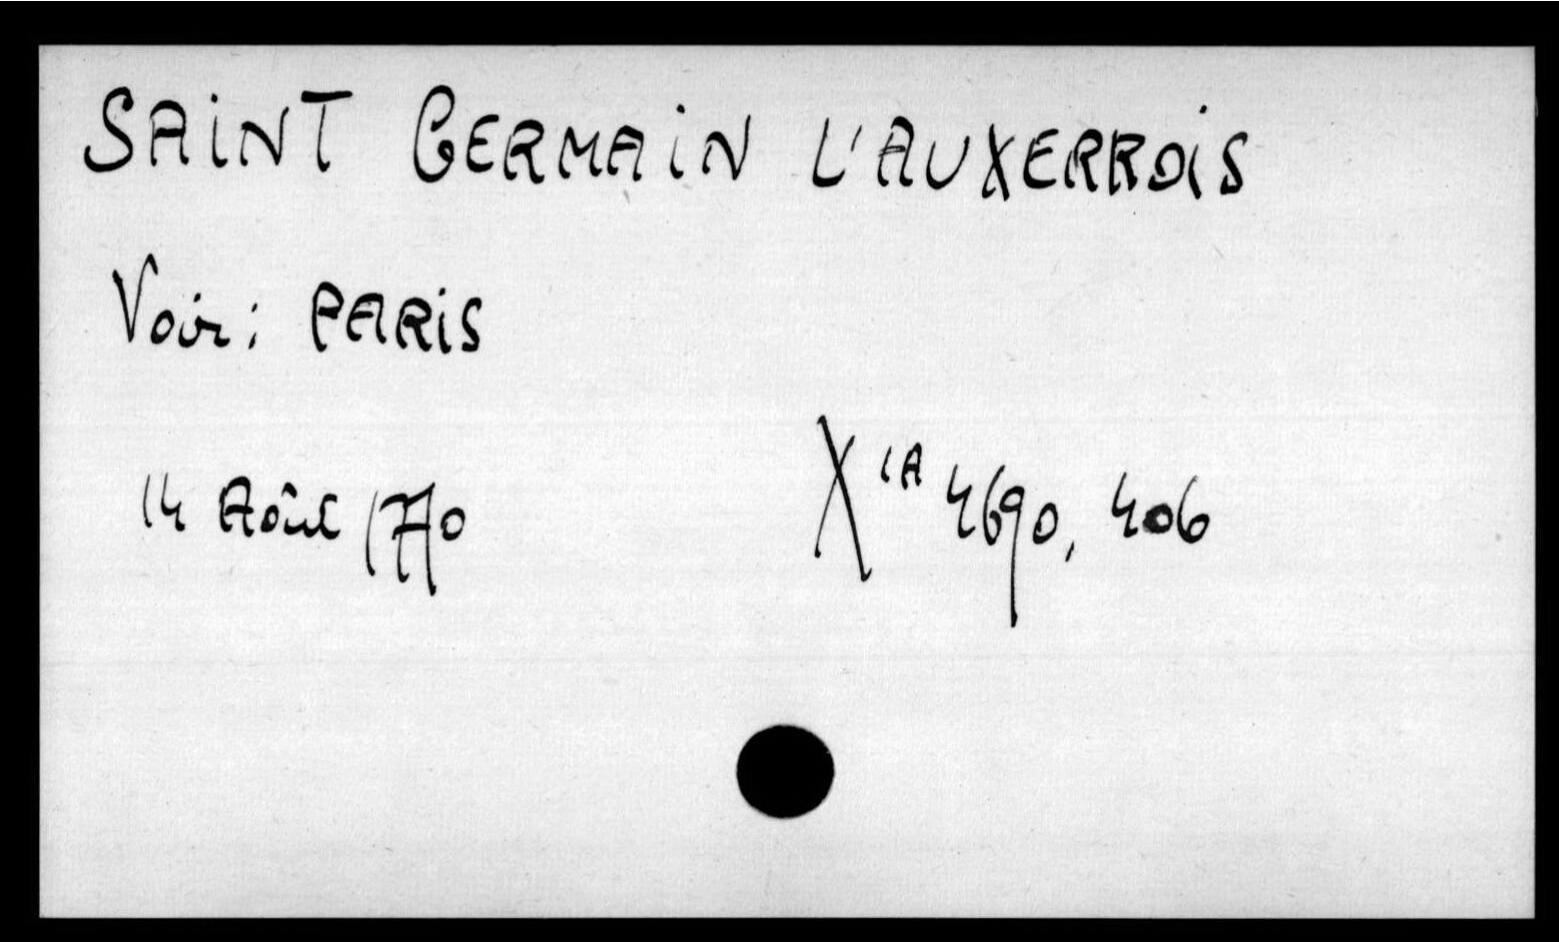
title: SAINT GERMAIN L'AUXERROIS
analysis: Voir : PARIS
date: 14 août 1770
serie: X1A
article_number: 4690
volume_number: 406

+ + + + + + +

**Prompt**
Leaving out every picture, repeat the records above exactly as they stand.

**Written reply**
title: SAINT GERMAIN L'AUXERROIS
analysis: Voir : PARIS
date: 14 août 1770
serie: X1A
article_number: 4690
volume_number: 406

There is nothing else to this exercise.